All patrons, however, must present a “corona pass” certificate confirming they have either tested negative in the past 72 hours, been vaccinated or recently recovered from COVID-19.
The pandemic has claimed more than 3.2 million lives worldwide since it first emerged in late 2019, but many wealthy nations have made progress in suppressing the virus as mass vaccination campaigns gather steam.
More than 1.2 billion doses have been administered globally, but fewer than one percent in the least developed countries.
Vaccine shortages are not an issue in the United States, which could soon be sitting on as many as 300 million extra doses — nearly equivalent to its entire population.
Biden on Tuesday said he wanted 70 percent of US adults to have received at least one shot by the July 4 Independence Day holiday.
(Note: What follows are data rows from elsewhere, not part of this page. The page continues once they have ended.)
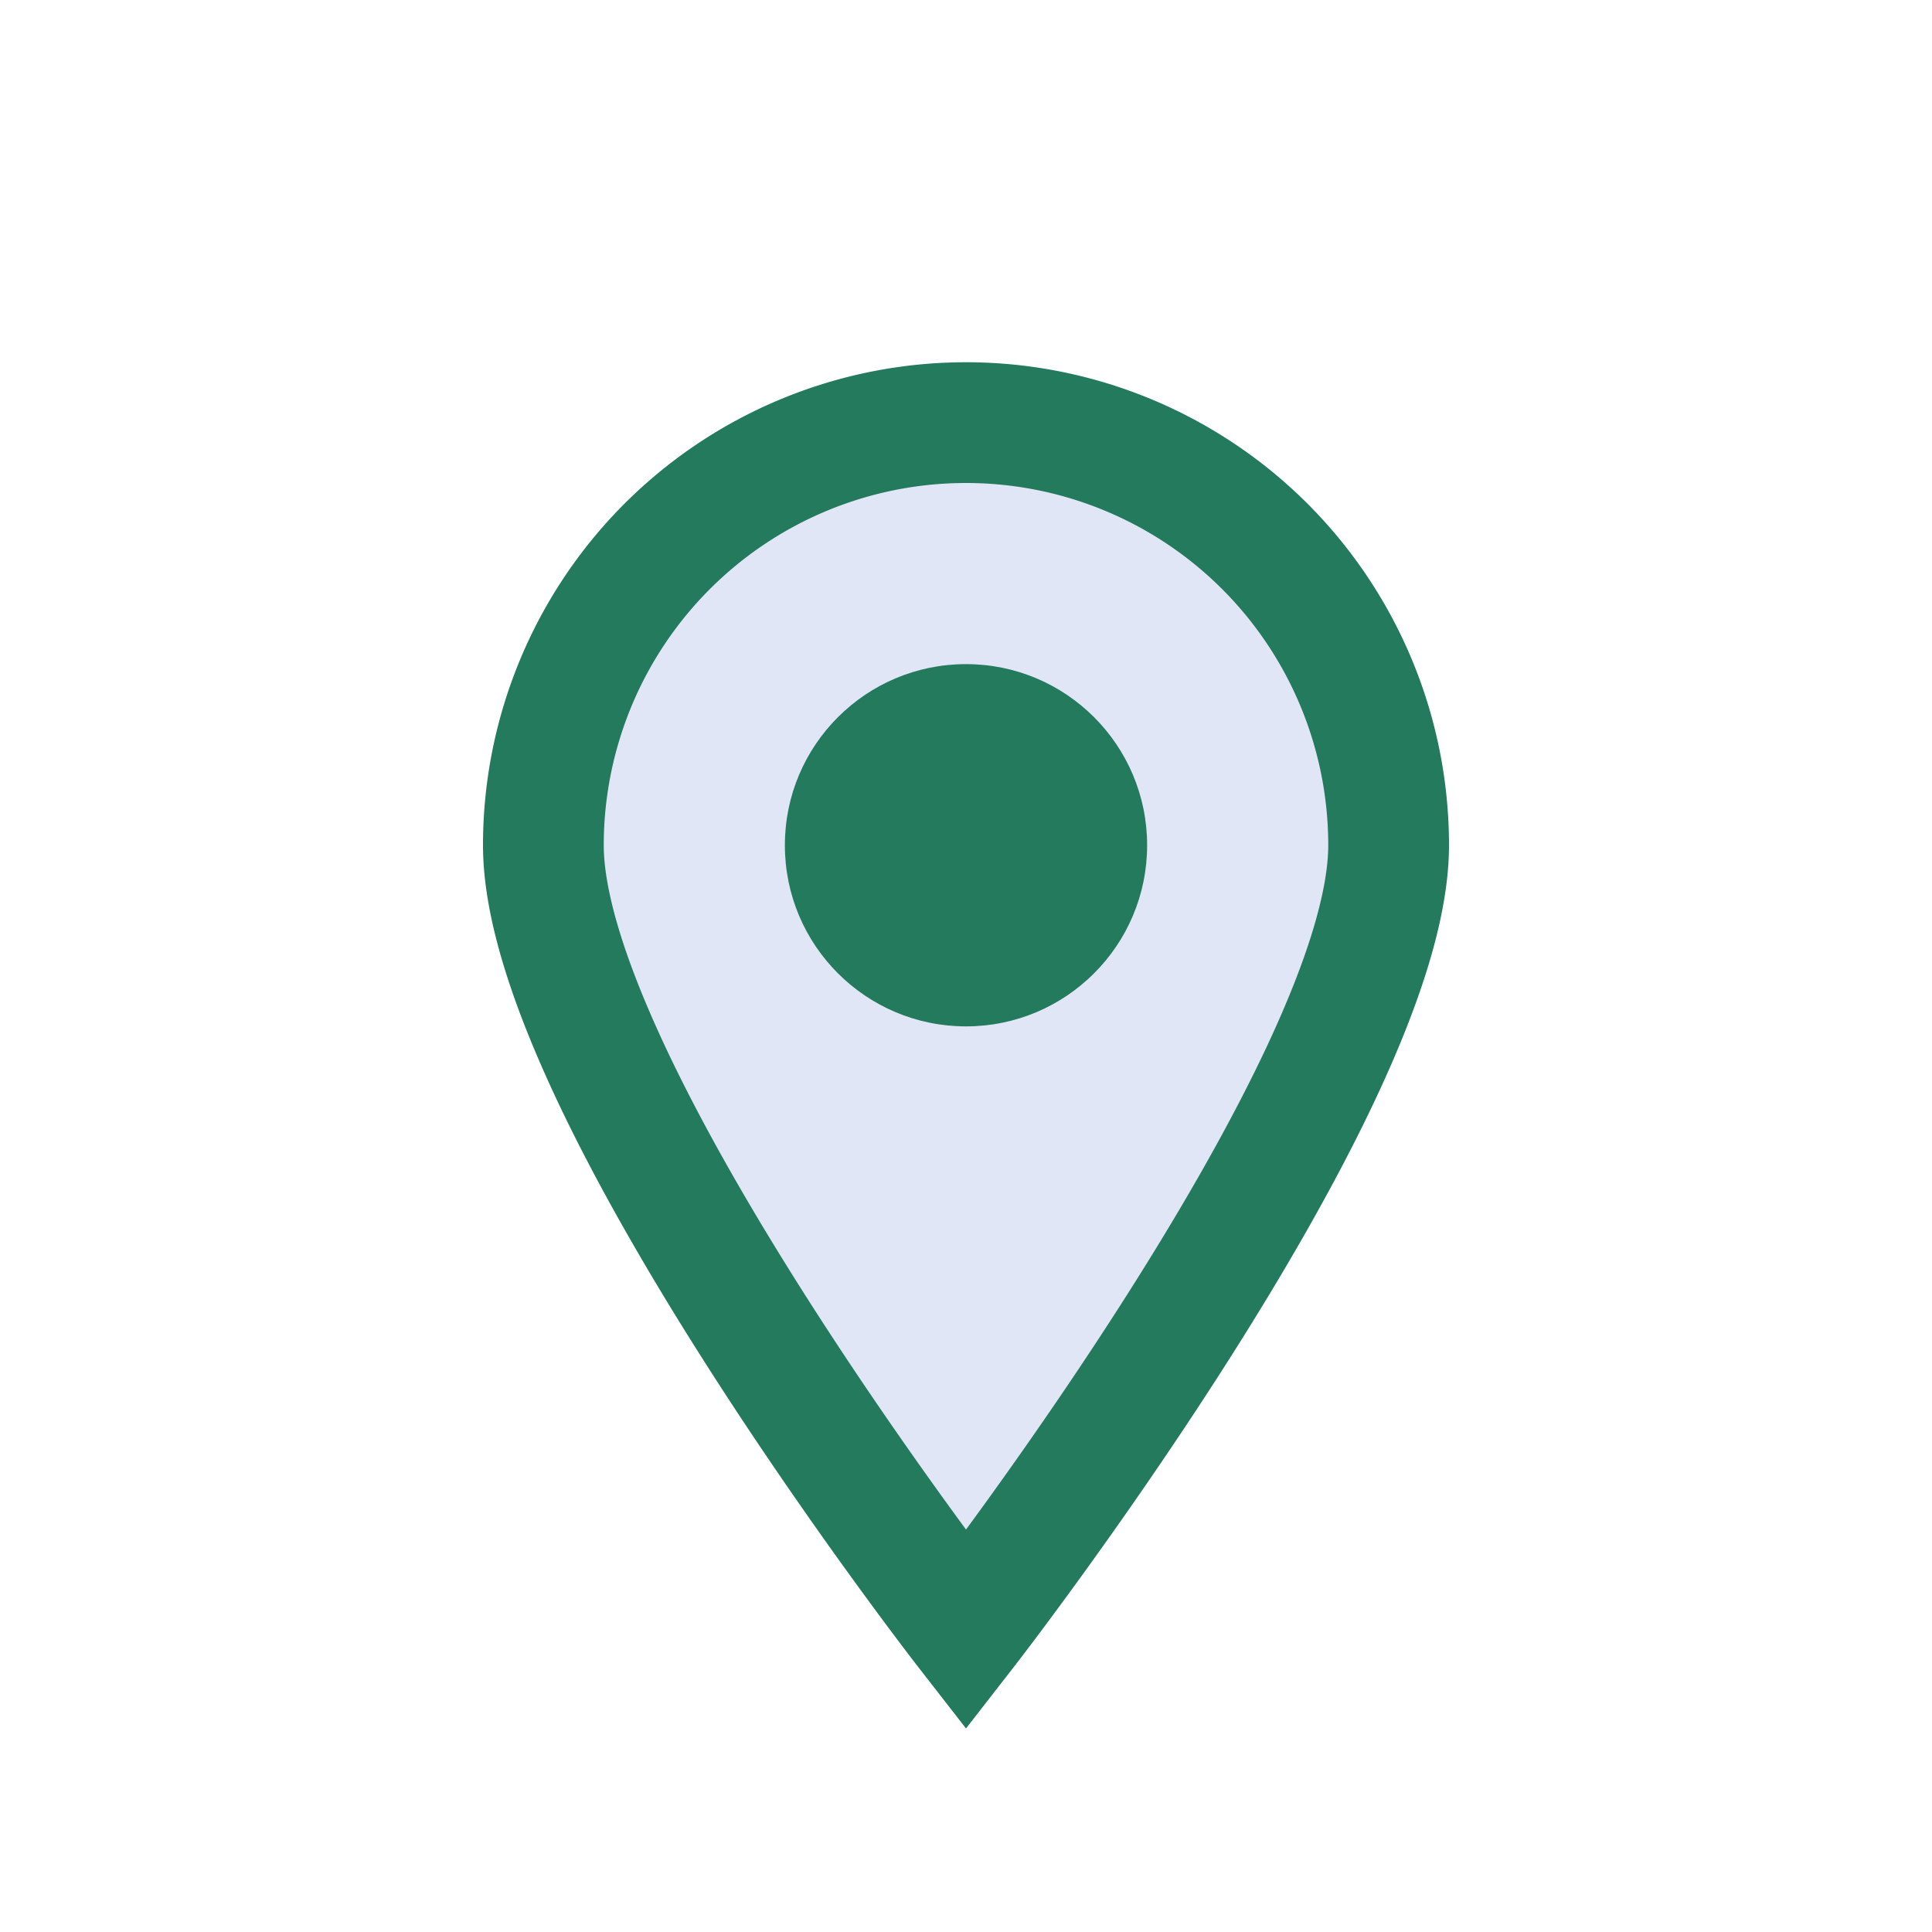 <?xml version="1.0" encoding="UTF-8"?>
<svg xmlns="http://www.w3.org/2000/svg" width="32" height="32" viewBox="0 0 32 32"><path d="M16 27s-7-9-7-13a7 7 0 1114 0c0 4-7 13-7 13z" fill="#E0E6F6" stroke="#237A5D" stroke-width="2"/><circle cx="16" cy="14" r="3" fill="#237A5D"/></svg>
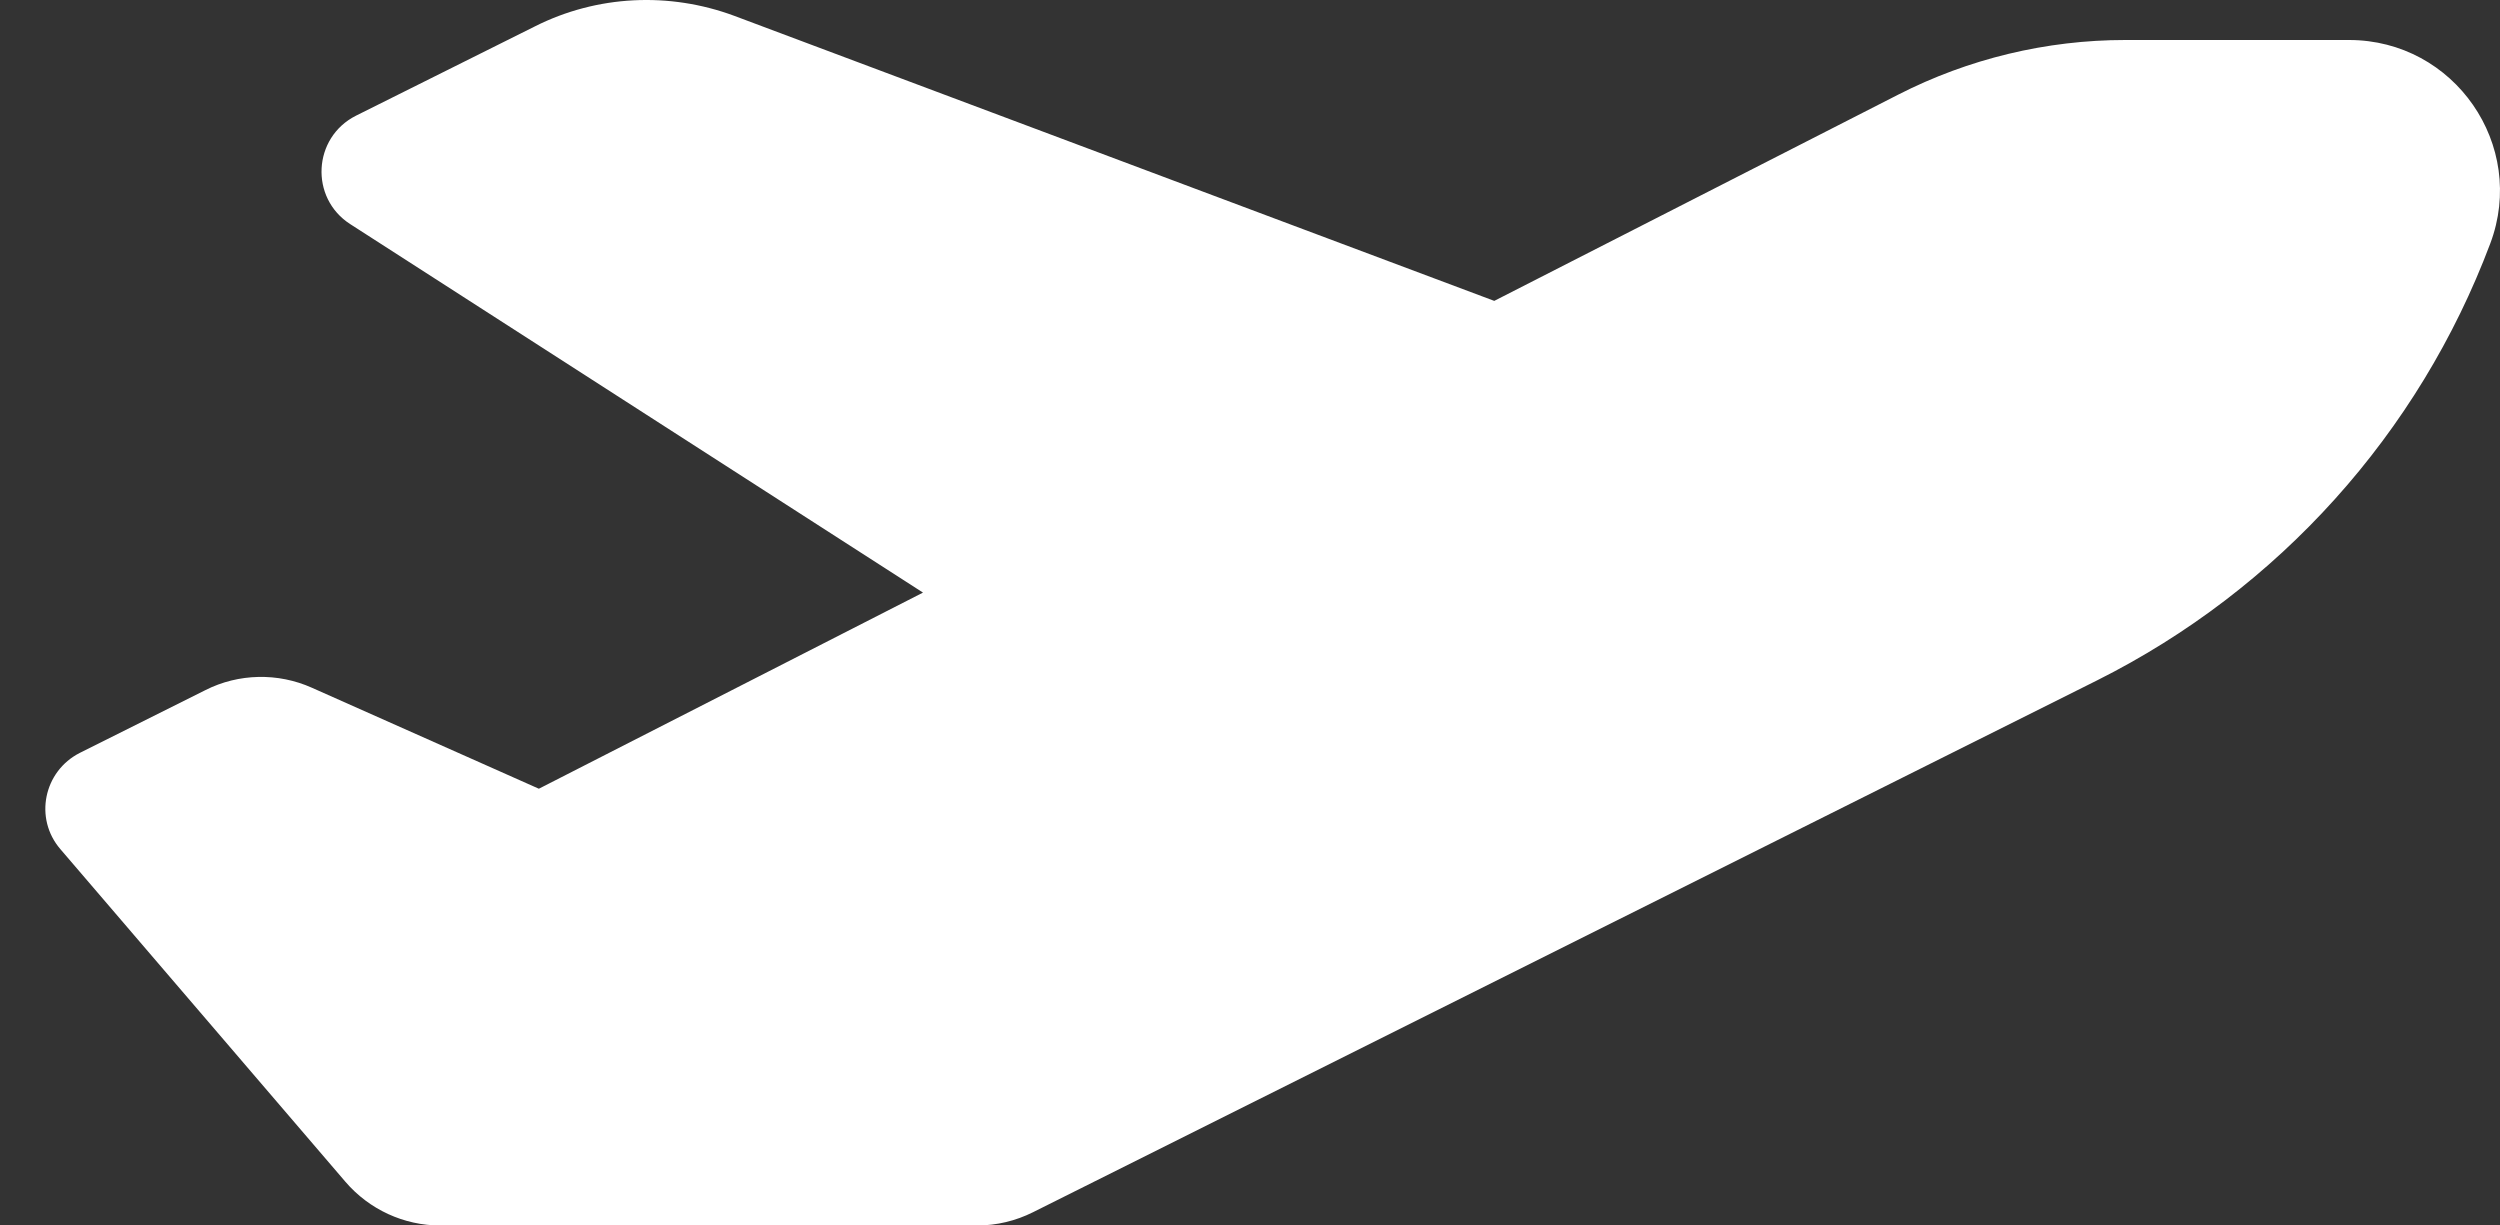 <svg width="51" height="25" viewBox="0 0 51 25" fill="none" xmlns="http://www.w3.org/2000/svg">
<rect x="0" y="0" width="51" height="25" fill="#333333" stroke="none"/>
<path d="M30.483 6.138L14.979 0.323C13.65 -0.17 12.178 -0.099 10.913 0.538L7.262 2.36C6.379 2.805 6.315 4.038 7.143 4.571L18.829 12.089L10.993 16.09L6.363 14.03C5.671 13.72 4.867 13.736 4.191 14.078L1.63 15.358C0.89 15.732 0.691 16.695 1.232 17.323L7.047 24.109C7.532 24.674 8.24 25 8.98 25H19.935C20.332 25 20.722 24.905 21.072 24.73L42.782 13.879C46.481 12.025 49.345 8.843 50.801 4.969C51.556 2.964 50.069 0.816 47.921 0.816H43.355C41.748 0.816 40.157 1.198 38.725 1.93L30.483 6.138Z" fill="white"/>
</svg>

He also said his administration was “ready to move immediately” if regulators authorize the Pfizer-BioNTech vaccine for 12- to 15-year-olds.
But some experts question the wisdom of devoting limited vaccine supplies to a low-risk group instead of sharing them with high-risk groups abroad.
In the Middle East, Egypt announced a partial shutdown of malls and restaurants and called off festivities for the Muslim holiday of Eid Al-Fitr to curb rising coronavirus cases.
And on Wednesday Argentina broke its record for COVID-19 deaths with 633 recorded fatalities in 24 hours, despite stepped-up measures to reduce movement of people across the country.